AIM OF THE EXERCISE ▸ Starting at the line that has "share of the ground: > 75 %" and stopping after the line that has "longitude: 11.0261", reproduce the listing below exactly; omit everything else.

(EXCERPTED RECORDS)

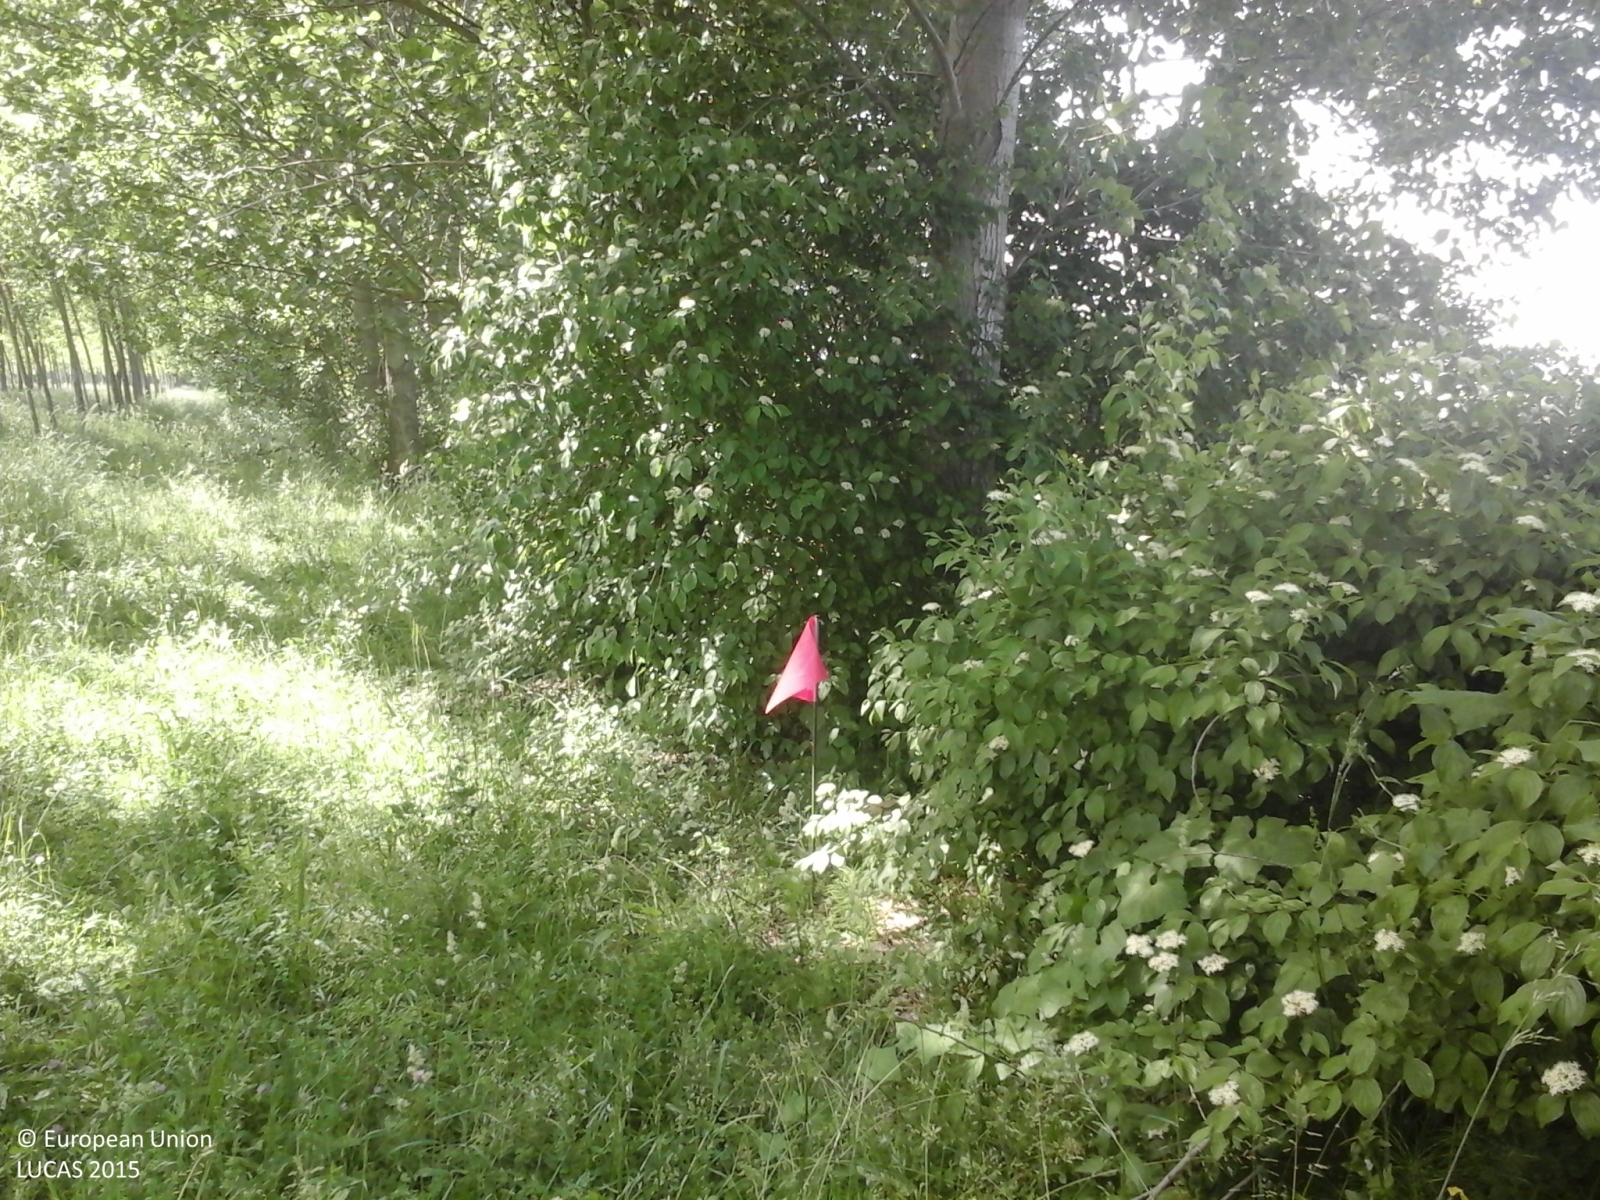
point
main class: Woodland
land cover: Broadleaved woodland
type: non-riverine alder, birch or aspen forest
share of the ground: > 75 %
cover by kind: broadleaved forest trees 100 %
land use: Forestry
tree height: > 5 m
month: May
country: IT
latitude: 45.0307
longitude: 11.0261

(End EXCERPTED RECORDS)
(EXCERPTED RECORDS)

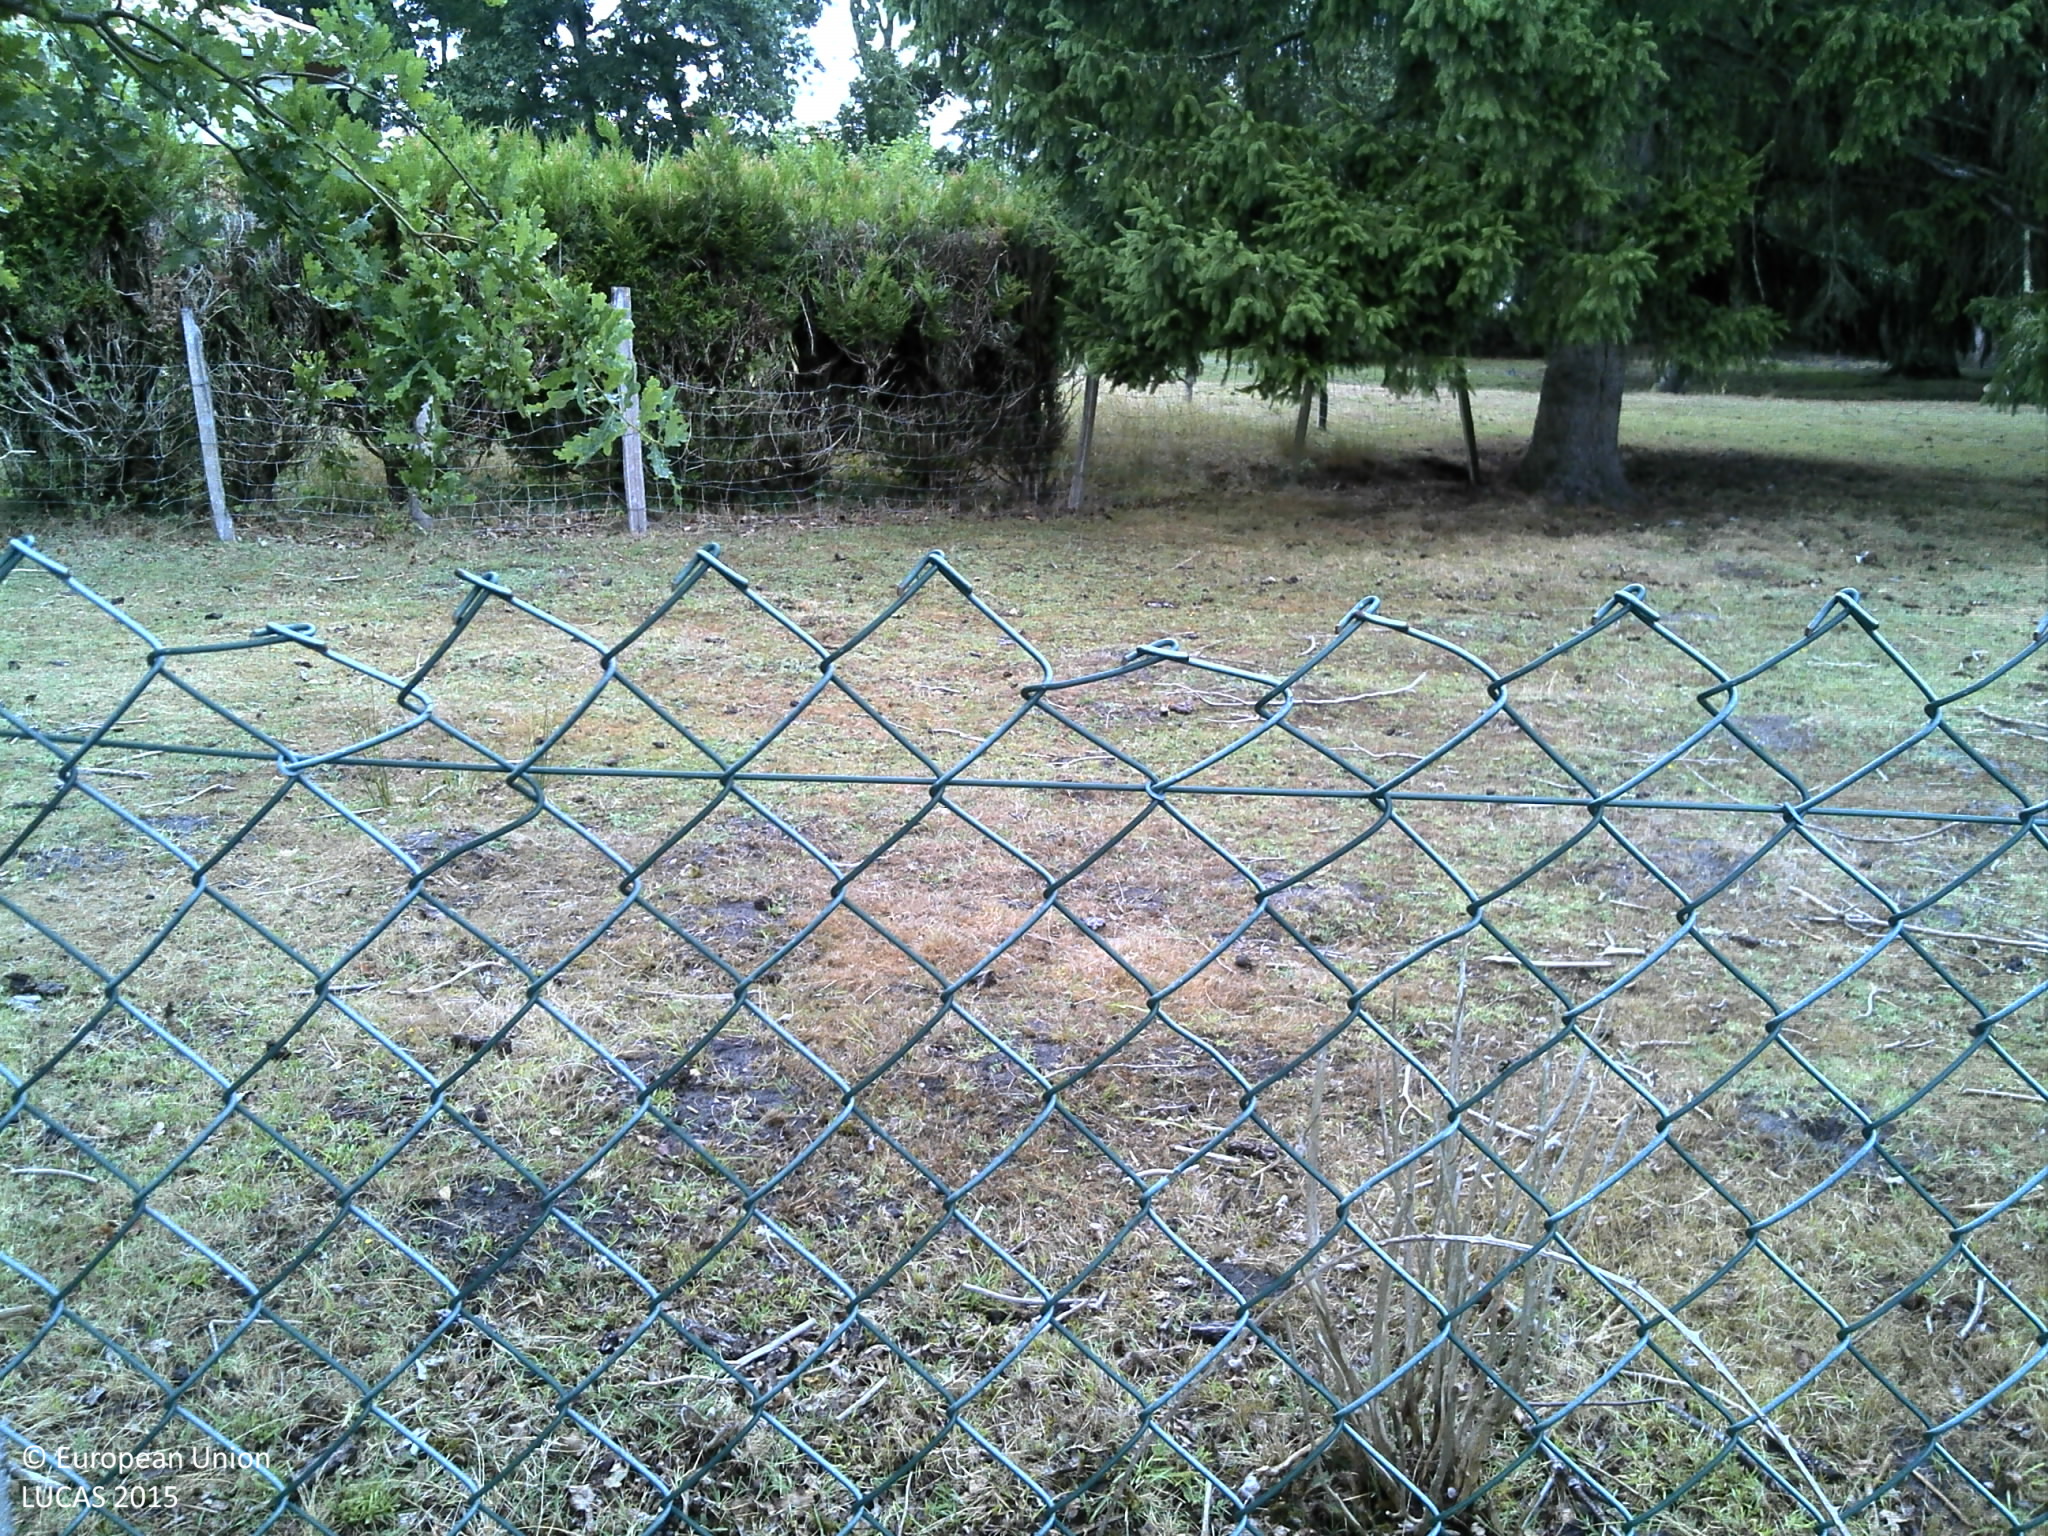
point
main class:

(End EXCERPTED RECORDS)

WRITTEN RESPONSE ▸
share of the ground: > 75 %
cover by kind: broadleaved forest trees 100 %
land use: Forestry
tree height: > 5 m
month: May
country: IT
latitude: 45.0307
longitude: 11.0261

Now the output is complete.